Work required:
Return all of the data exactly as written, without the pictures.

______

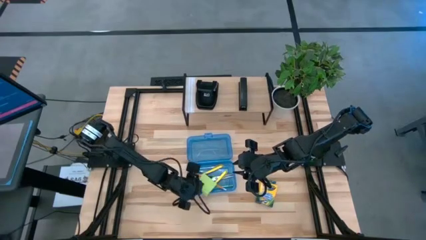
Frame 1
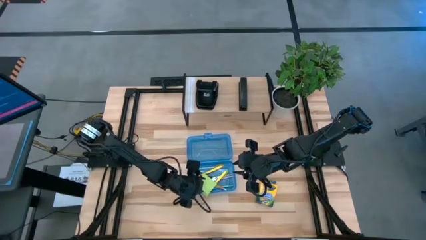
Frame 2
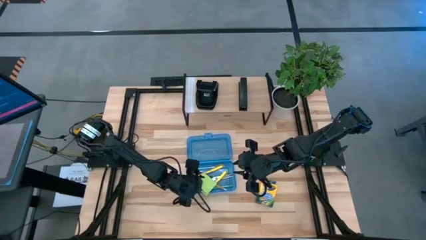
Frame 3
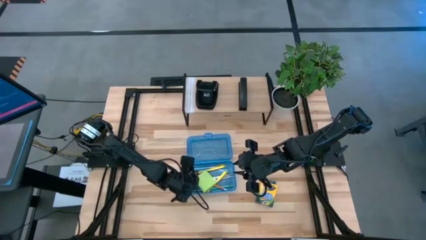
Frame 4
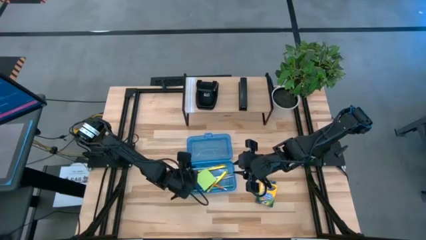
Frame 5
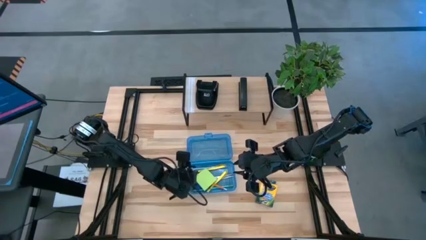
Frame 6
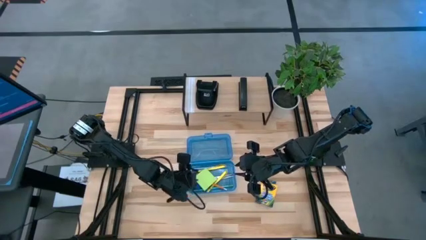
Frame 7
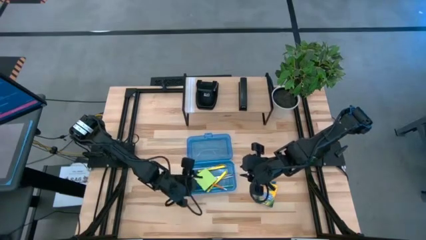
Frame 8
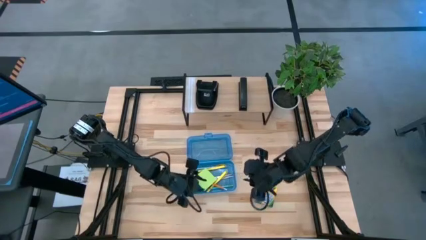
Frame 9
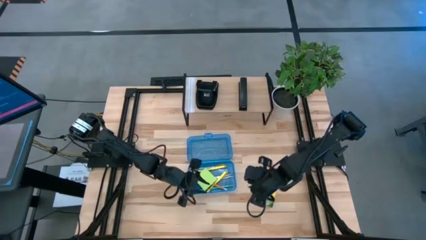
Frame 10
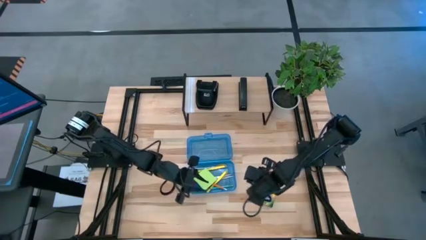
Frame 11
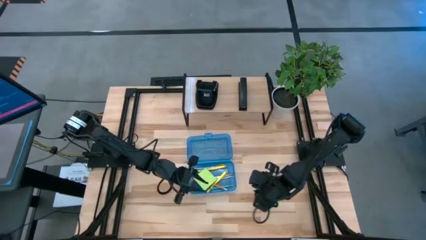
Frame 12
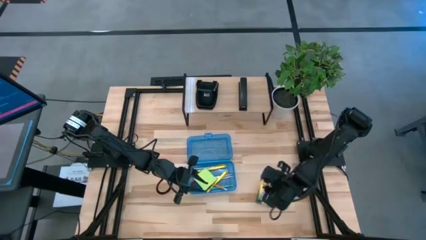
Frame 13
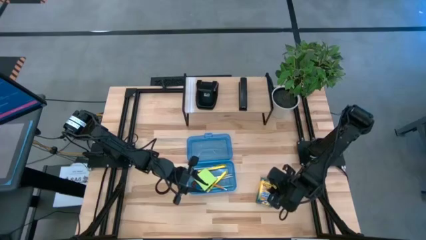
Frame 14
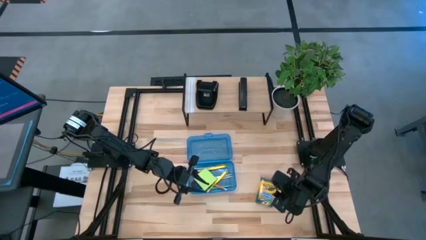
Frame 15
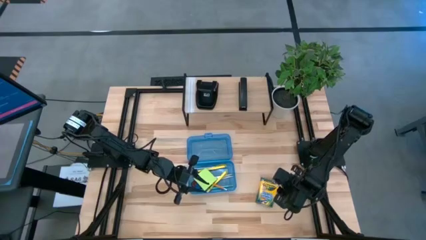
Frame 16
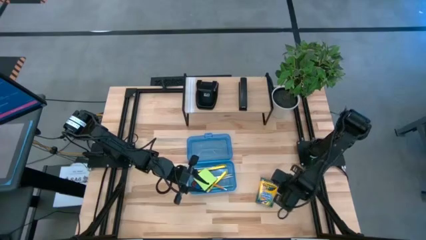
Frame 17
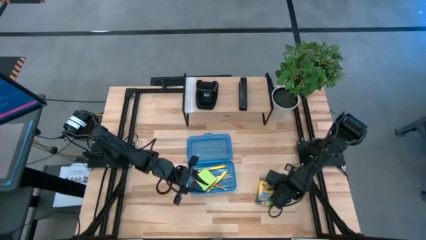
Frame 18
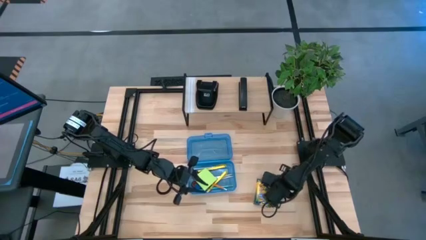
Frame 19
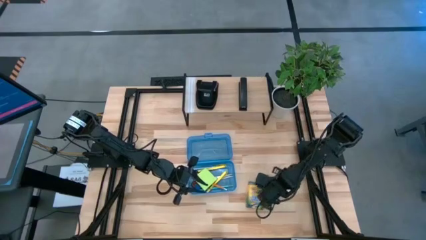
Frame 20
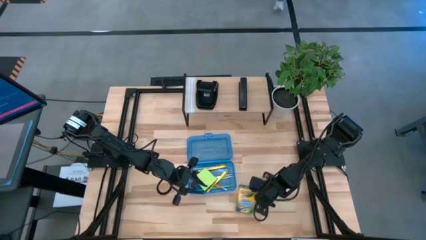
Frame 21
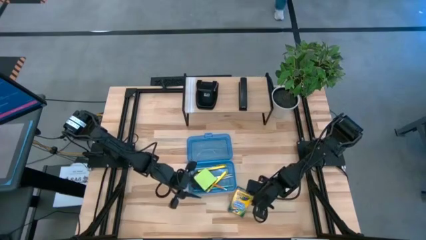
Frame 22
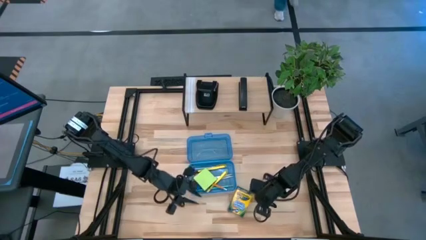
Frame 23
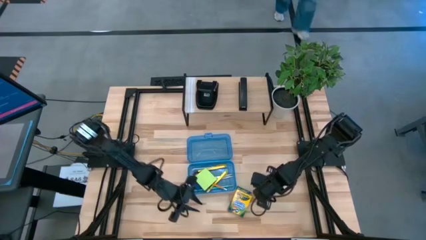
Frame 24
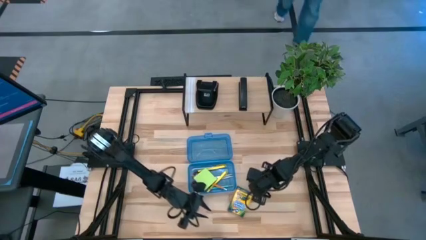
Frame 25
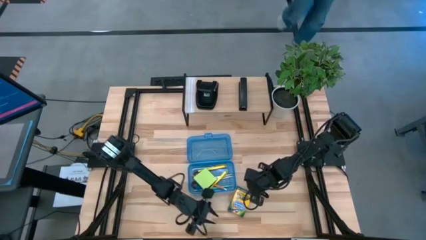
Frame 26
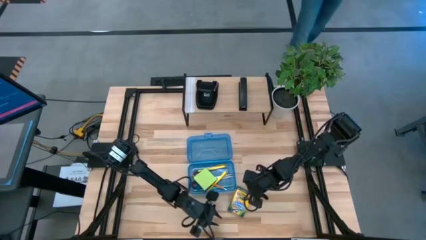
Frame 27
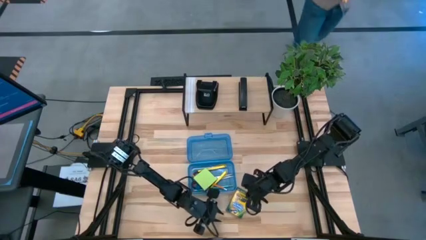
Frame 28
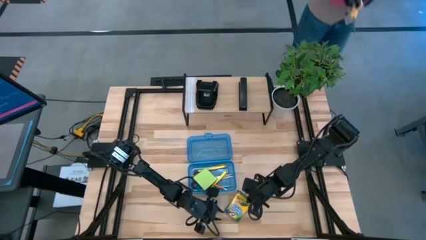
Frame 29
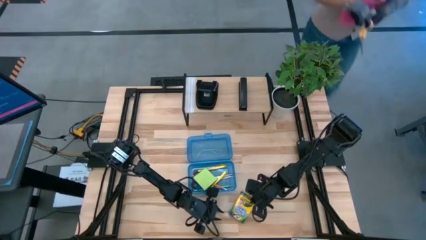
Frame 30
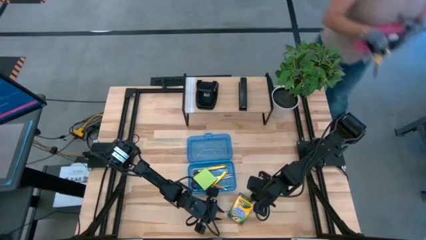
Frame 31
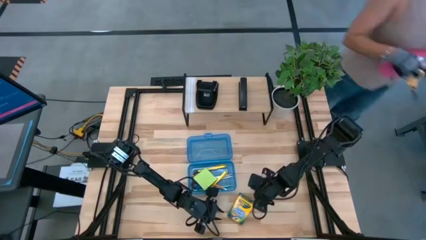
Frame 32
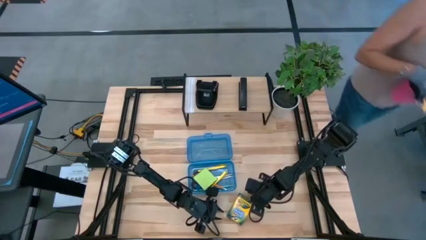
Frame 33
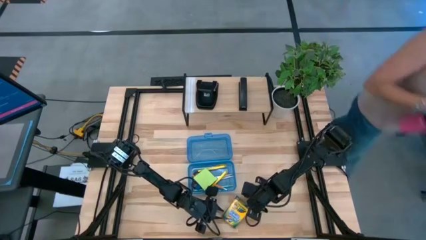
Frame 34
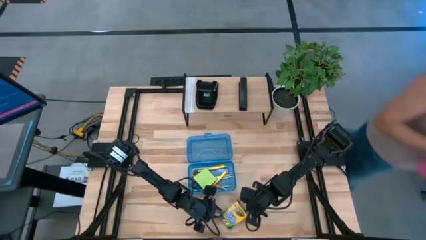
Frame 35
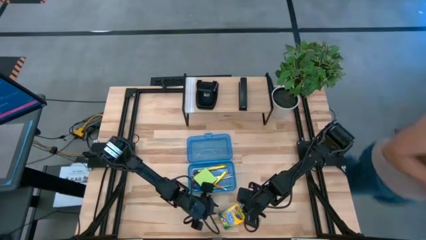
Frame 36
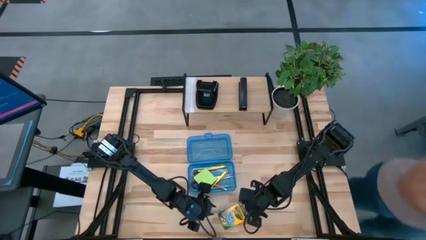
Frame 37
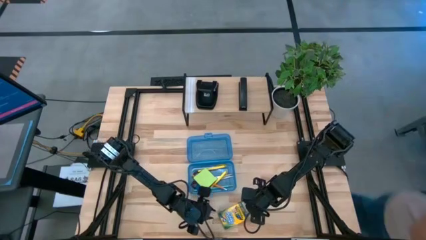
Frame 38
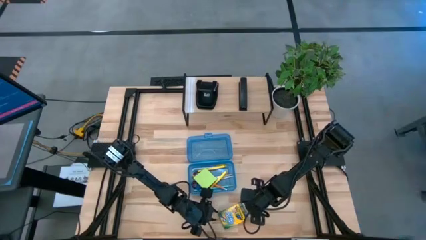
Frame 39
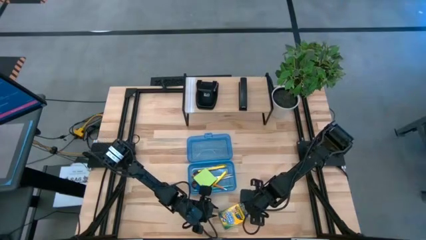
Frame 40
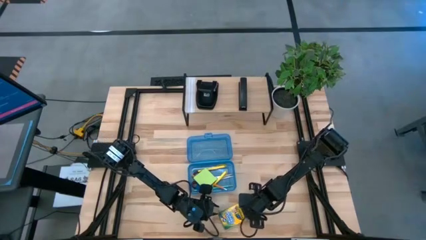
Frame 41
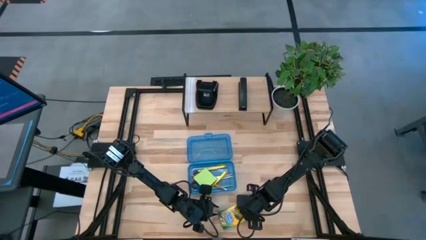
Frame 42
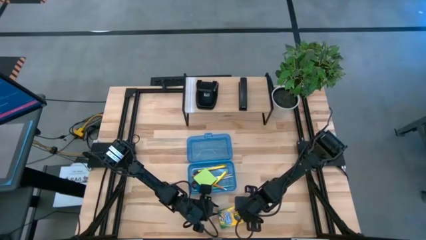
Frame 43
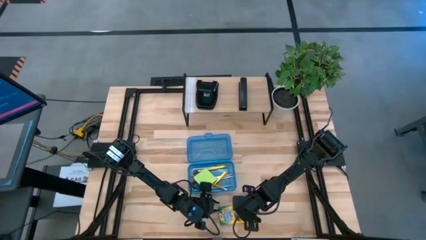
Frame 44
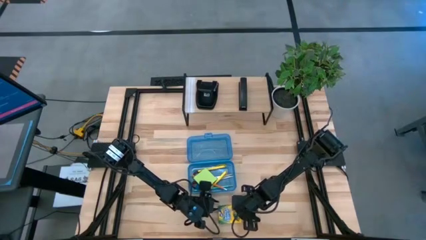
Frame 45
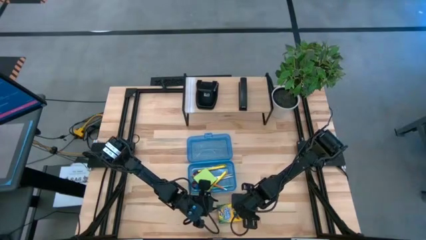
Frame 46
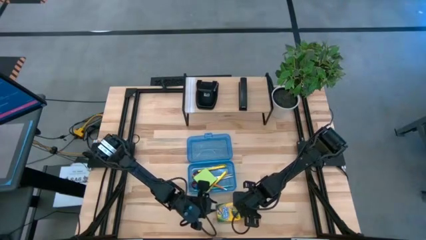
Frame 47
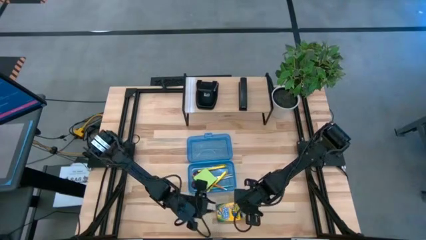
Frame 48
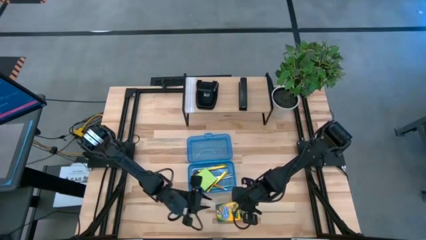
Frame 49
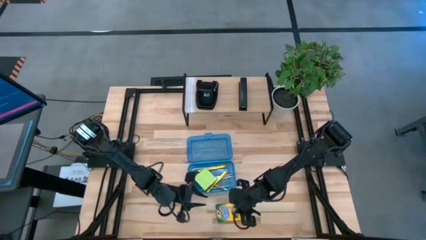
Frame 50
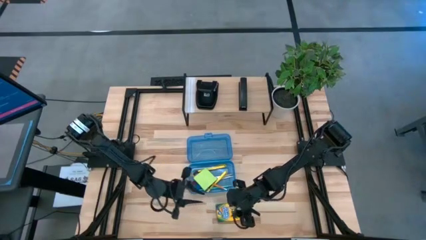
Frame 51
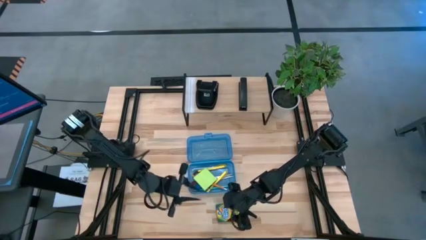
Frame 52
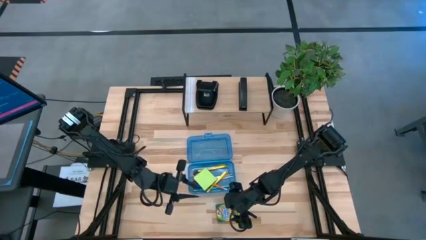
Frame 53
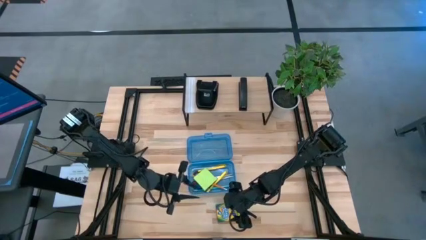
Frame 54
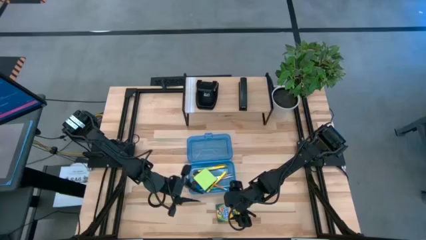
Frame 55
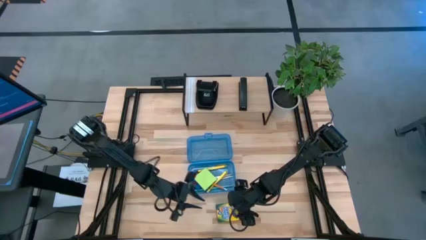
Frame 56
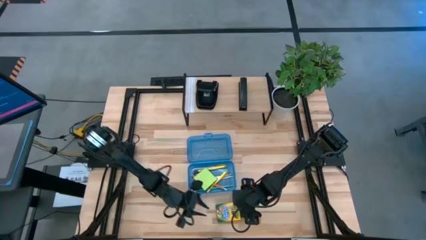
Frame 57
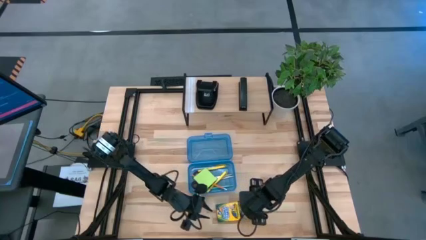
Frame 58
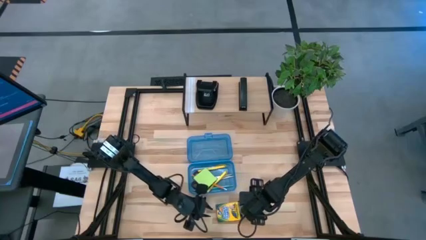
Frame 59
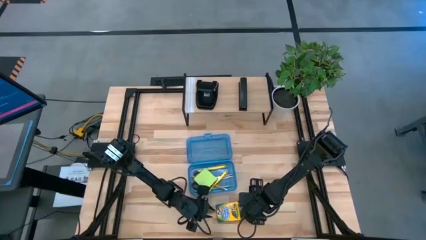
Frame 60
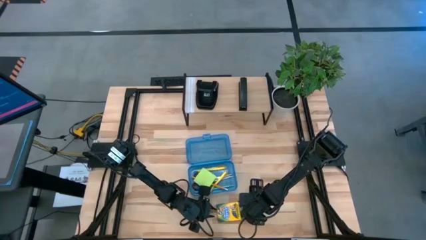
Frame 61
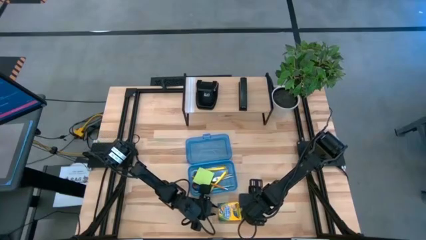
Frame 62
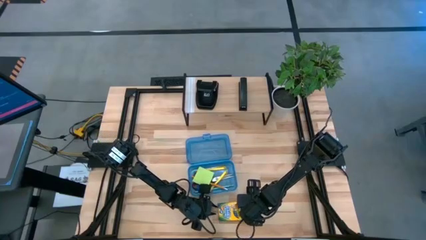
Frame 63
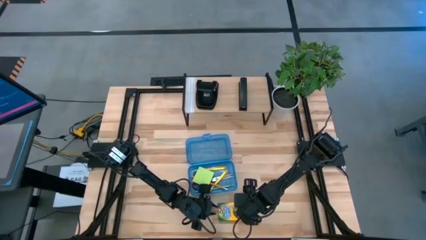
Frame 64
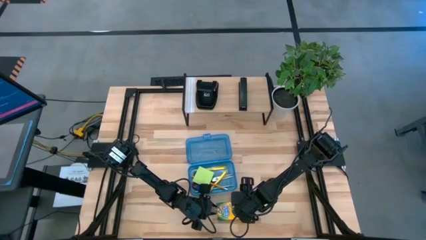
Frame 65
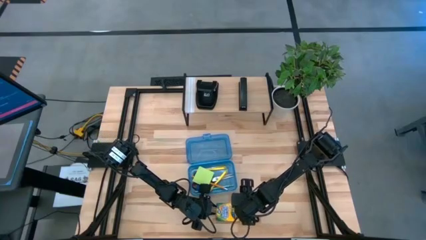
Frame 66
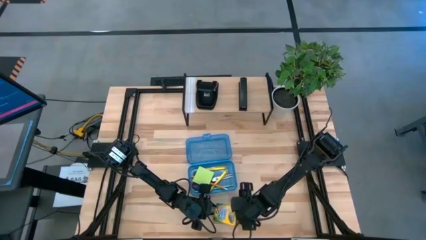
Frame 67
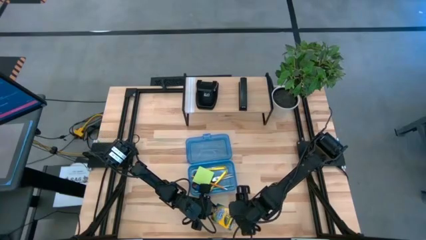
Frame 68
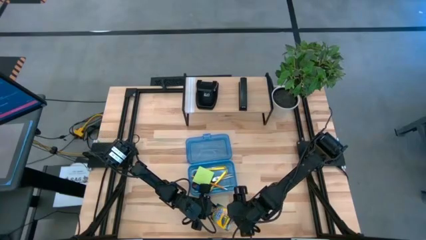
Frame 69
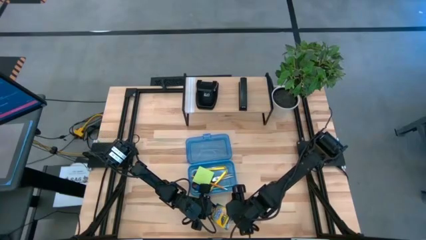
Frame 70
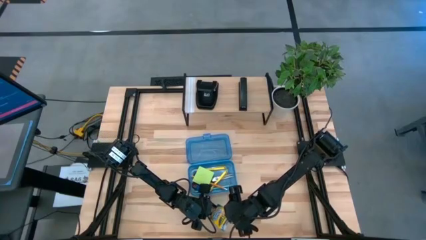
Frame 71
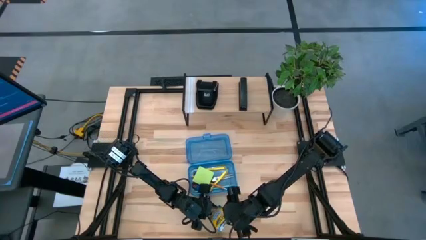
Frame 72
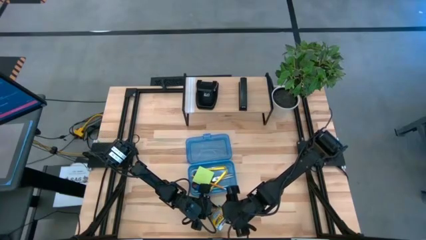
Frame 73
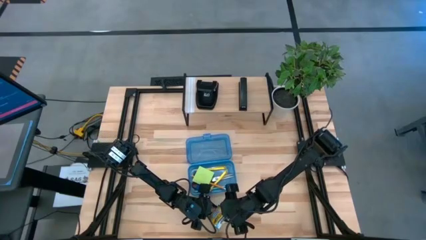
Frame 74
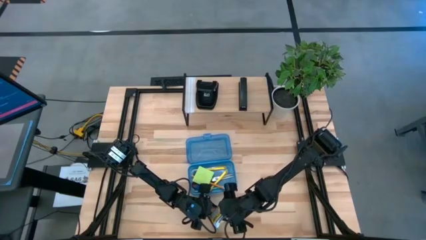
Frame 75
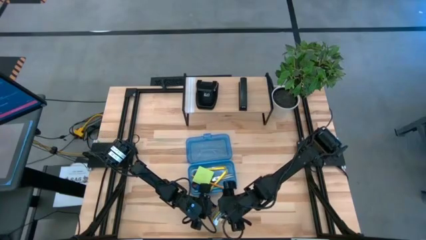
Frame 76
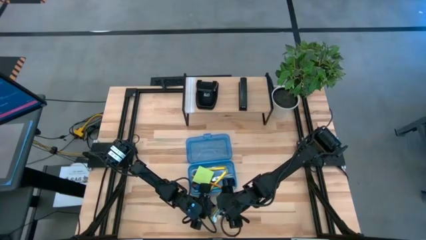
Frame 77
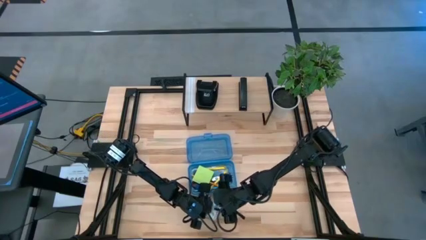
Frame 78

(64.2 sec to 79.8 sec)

______

Answer to the exercise:
Frame 1
Frame 2
Frame 3
Frame 4
Frame 5
Frame 6
Frame 7
Frame 8
Frame 9
Frame 10
Frame 11
Frame 12
Frame 13
Frame 14
Frame 15
Frame 16
Frame 17
Frame 18
Frame 19
Frame 20
Frame 21
Frame 22
Frame 23
Frame 24
Frame 25
Frame 26
Frame 27
Frame 28
Frame 29
Frame 30
Frame 31
Frame 32
Frame 33
Frame 34
Frame 35
Frame 36
Frame 37
Frame 38
Frame 39
Frame 40
Frame 41
Frame 42
Frame 43
Frame 44
Frame 45
Frame 46
Frame 47
Frame 48
Frame 49
Frame 50
Frame 51
Frame 52
Frame 53
Frame 54
Frame 55
Frame 56
Frame 57
Frame 58
Frame 59
Frame 60
Frame 61
Frame 62
Frame 63
Frame 64
Frame 65
Frame 66
Frame 67
Frame 68
Frame 69
Frame 70
Frame 71
Frame 72
Frame 73
Frame 74
Frame 75
Frame 76
Frame 77
Frame 78

(64.2 sec to 79.8 sec)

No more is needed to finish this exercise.